Association between idiopathic scoliosis and facial asymmetry: a gender-balanced case–control study

· Back to index

Why your spine might shape your face

Most people think of scoliosis—a side-to-side curve in the spine—as something that only affects the back. This study asks a striking everyday question: could a crooked spine also be linked to a slightly uneven face? Because both the spine and the bones of the face grow rapidly during adolescence, understanding any hidden connection could change how doctors and dentists screen and treat young people.

Looking at backs and faces together

To explore this link, the researchers carried out a case–control study, a common way to compare two carefully matched groups. They recruited 100 young people aged 14 to 25. Half had idiopathic scoliosis, the most common kind that arises without a clear cause, and half had normal spines confirmed by X‑ray. Each group was evenly split between males and females so that any differences found would not simply reflect the greater number of girls usually seen with scoliosis.

Figure 1
Figure 1.

Measuring a subtle kind of unevenness

Facial asymmetry in this study did not mean dramatic, easily visible deformities. Instead, the team focused on small shifts of the lower face away from the ideal midline. Using frontal skull X‑rays, they marked key points along the nose and chin and used a custom computer script to calculate the angle between a perfectly vertical line and the actual line running down the face. Any non‑zero angle was counted as asymmetry, making the method very sensitive to even mild deviations. A second, stricter cut‑off—roughly equivalent to a 3‑millimeter sideways shift—was also tested to check how robust the findings were.

What the numbers revealed

The contrast between the two groups was striking. In the scoliosis group, 82 percent of participants showed facial asymmetry, compared with 36 percent of those without scoliosis. Put another way, people with idiopathic scoliosis had about seven and a half times higher odds of having an uneven face than those in the control group. When the researchers applied the stricter definition of asymmetry, the pattern became even clearer: 72 percent of the scoliosis group versus 22 percent of controls met the criterion, and the odds ratio rose close to ten. Careful statistical checks suggested these results were very unlikely to be due to chance, and the study had more than enough participants to support its conclusions.

Figure 2
Figure 2.

Same story for boys and girls

A key question was whether this spine–face connection differed between males and females. Despite the usual female predominance in scoliosis, the study found almost identical rates of facial asymmetry in boys and girls with the condition: 84 percent and 80 percent, respectively. The calculated odds of asymmetry relative to controls were also similar in both sexes. This suggests that whatever ties the curved spine to an uneven face operates in much the same way for young men and women.
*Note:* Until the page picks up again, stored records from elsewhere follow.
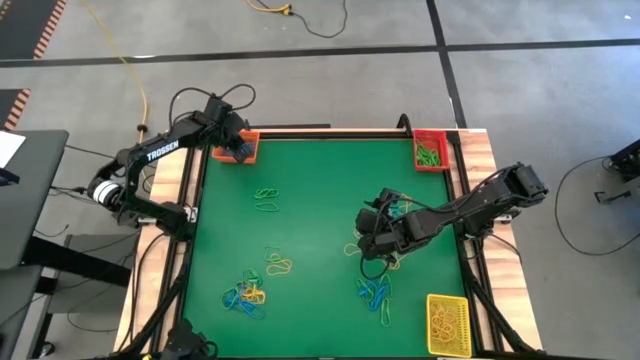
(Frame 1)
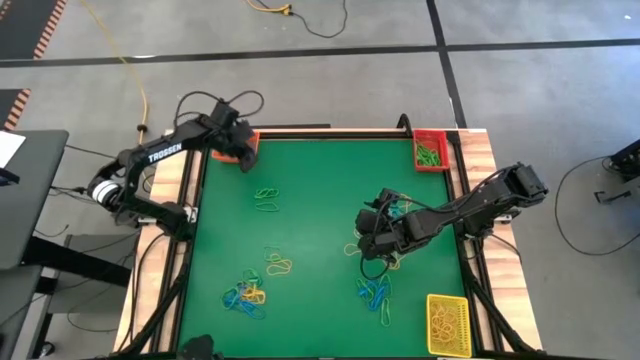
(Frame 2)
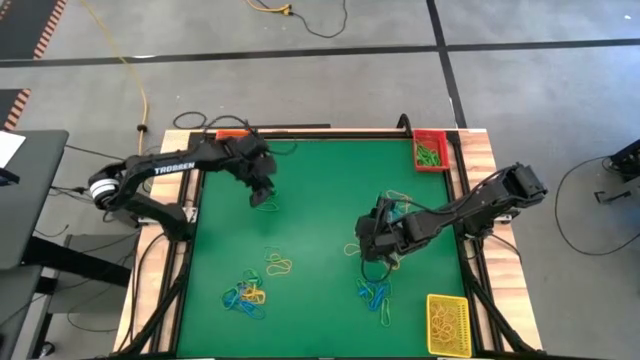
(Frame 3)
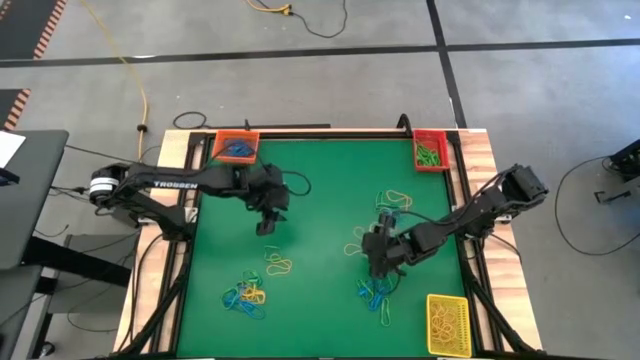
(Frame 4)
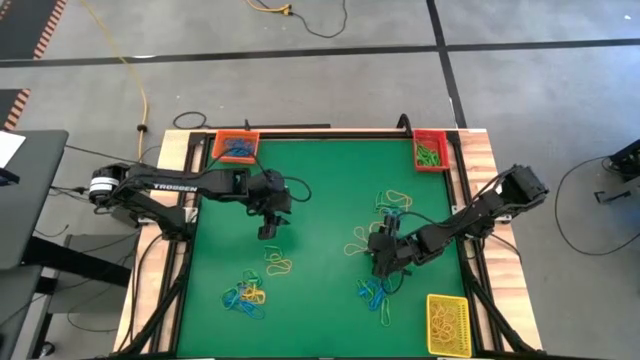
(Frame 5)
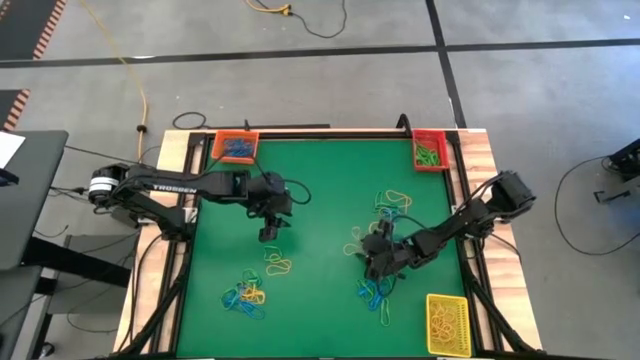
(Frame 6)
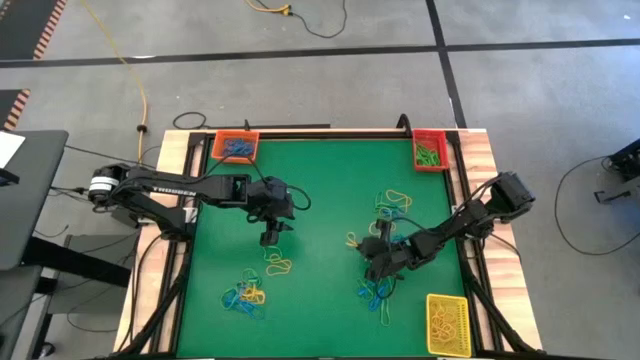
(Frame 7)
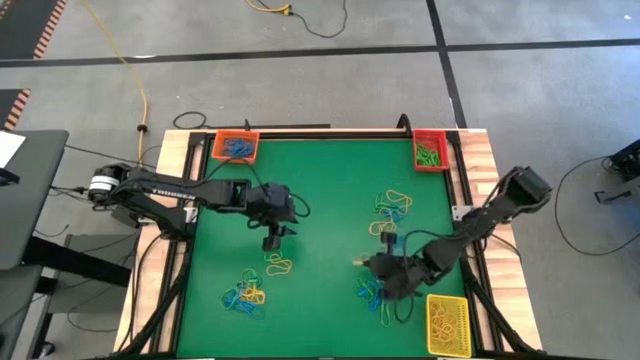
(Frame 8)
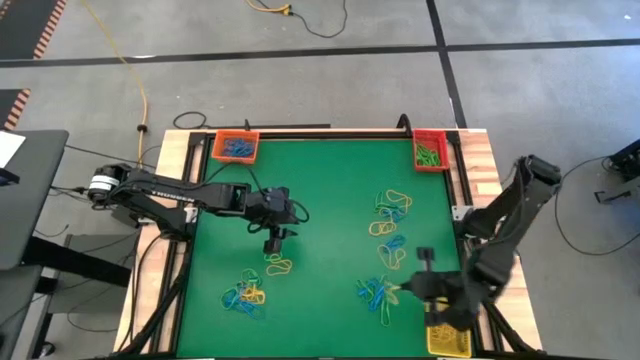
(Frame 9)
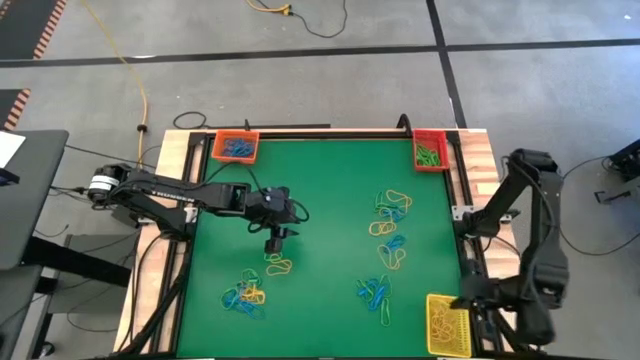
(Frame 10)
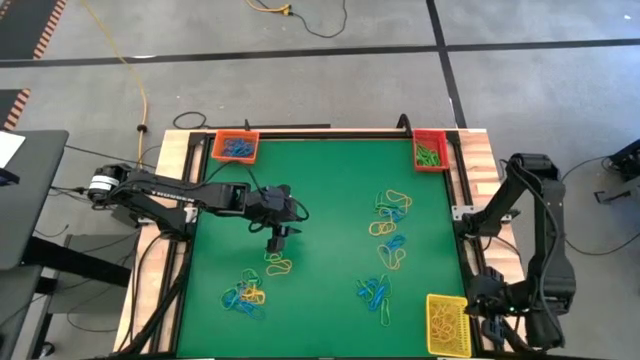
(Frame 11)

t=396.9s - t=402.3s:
Task: Sort rubber bands into baskets
Put the top right yellow rubber band into the yellow bin

How a crooked spine might influence the face

The study cannot prove cause and effect, but it does highlight several plausible pathways. One leading idea is postural compensation: when the spine curves, the body may subtly tilt the shoulders, neck, and head to keep the eyes level and maintain balance. Over years of growth, these small adjustments could guide the jaw and facial bones into a slightly off‑center position. The authors also note that many patients with scoliosis and facial asymmetry had their lower jaws shifted toward the outward‑bulging side of the spinal curve. Other possibilities include shared underlying factors—such as changes in the upper neck bones or genetic influences—that affect both the spine and the face as they develop.
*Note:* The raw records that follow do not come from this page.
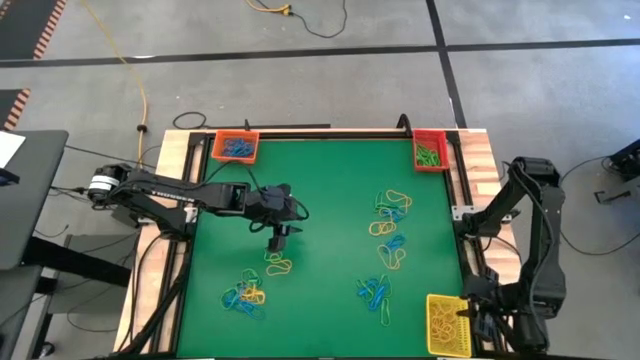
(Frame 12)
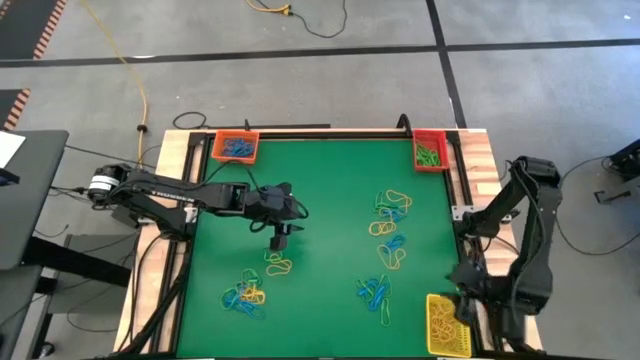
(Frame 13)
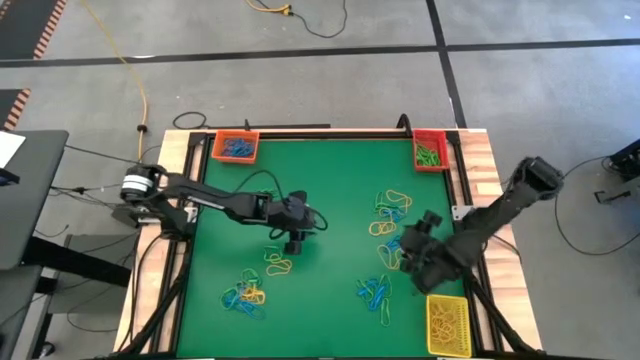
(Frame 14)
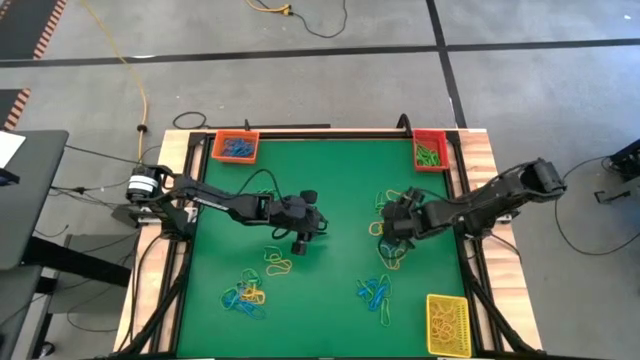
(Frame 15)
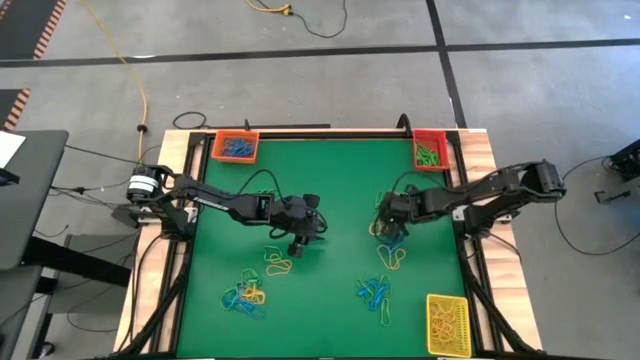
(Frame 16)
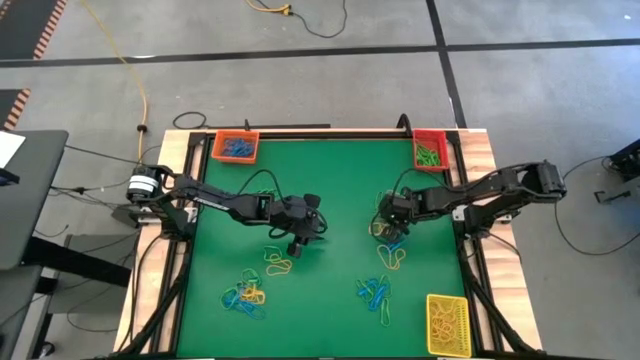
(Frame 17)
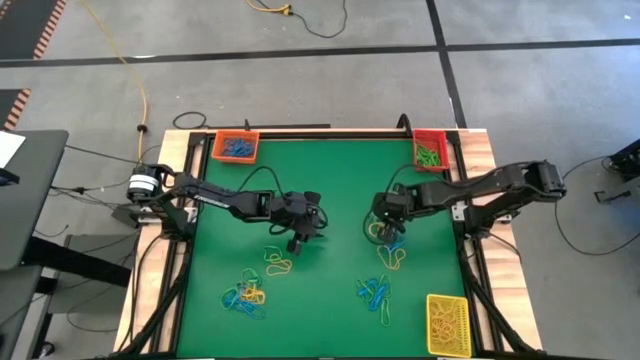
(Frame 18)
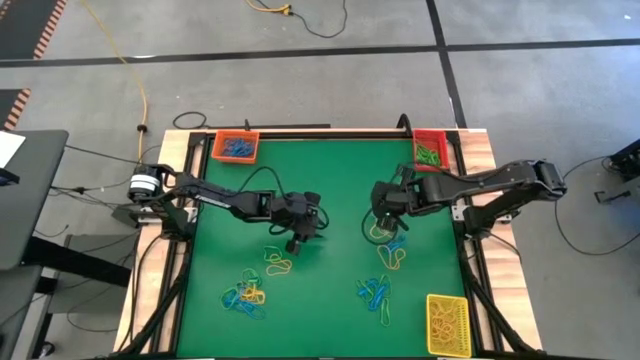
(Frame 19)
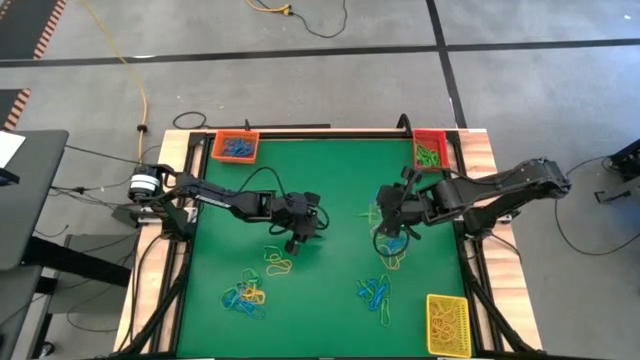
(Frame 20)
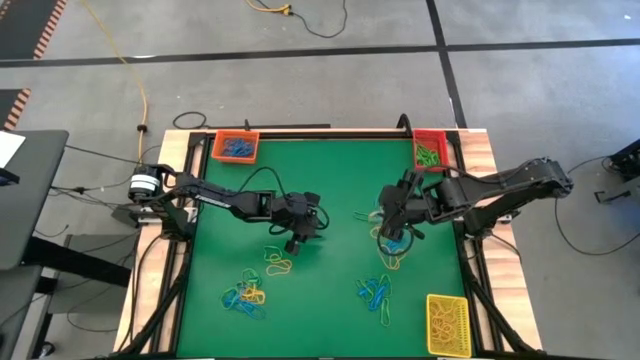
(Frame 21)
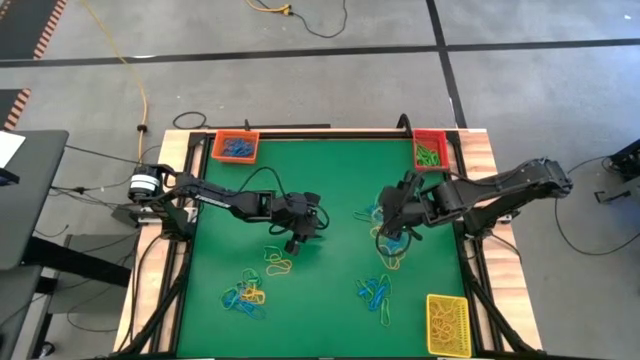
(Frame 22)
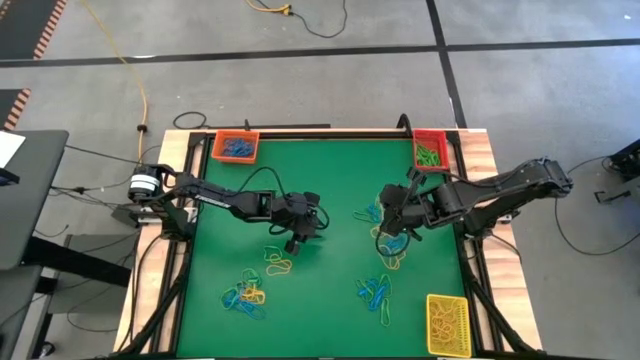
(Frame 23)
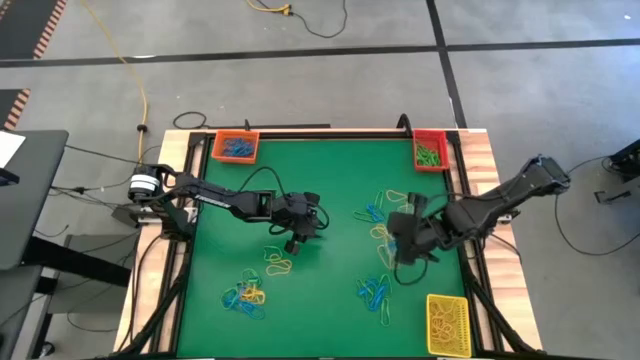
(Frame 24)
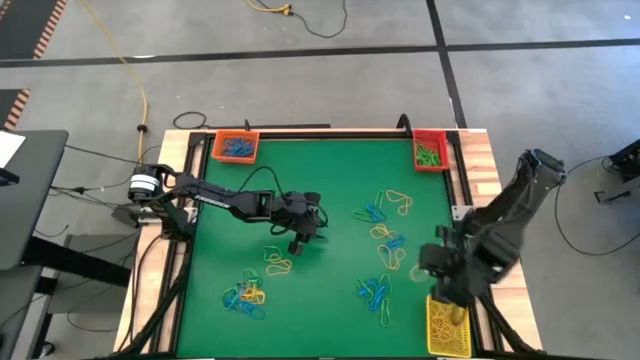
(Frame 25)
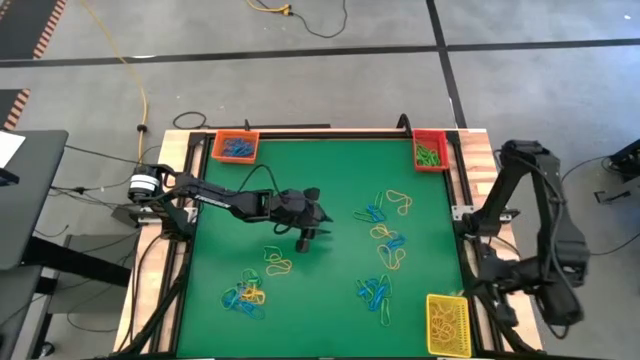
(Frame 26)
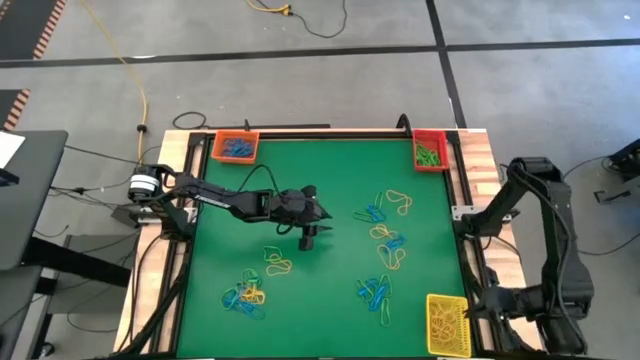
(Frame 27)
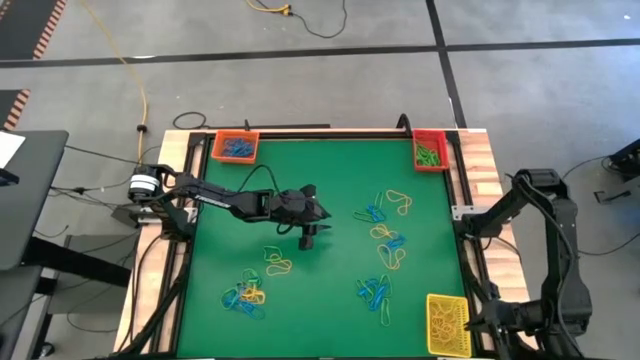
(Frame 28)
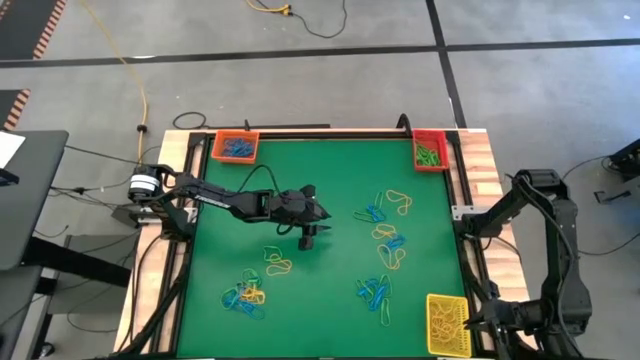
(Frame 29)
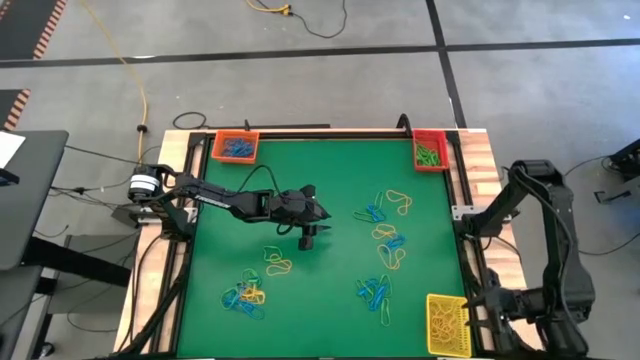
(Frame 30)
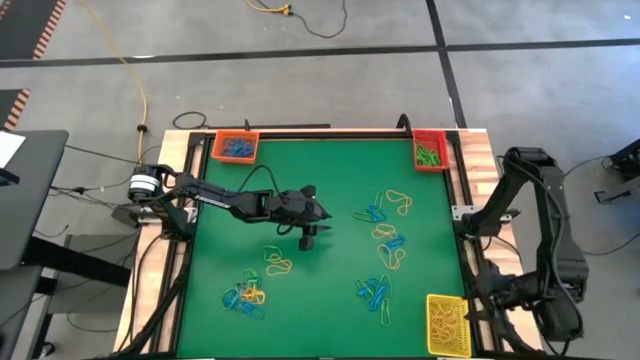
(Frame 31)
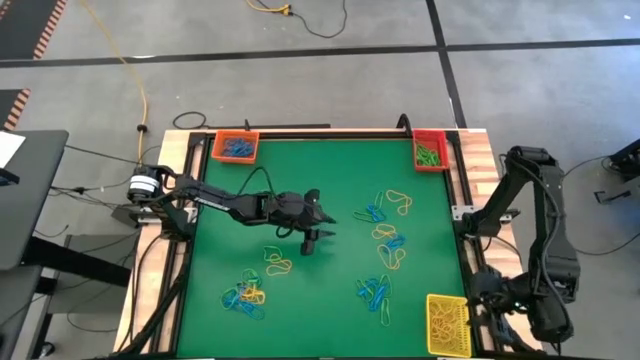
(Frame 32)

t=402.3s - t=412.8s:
Put the top right yellow rubber band into the yellow bin

What this means for patients and families

For patients, parents, and clinicians, the main message is practical: idiopathic scoliosis and facial asymmetry often travel together, and this pattern appears in both sexes. The authors argue that young people diagnosed with scoliosis should also have their faces and teeth checked for subtle misalignment, and that dentists or orthodontists noticing a marked facial tilt should consider whether a spinal assessment is needed. Working together, spine specialists and dental experts may be able to detect problems earlier and plan treatments that consider the whole growing body, from the curve in the back to the balance of the face.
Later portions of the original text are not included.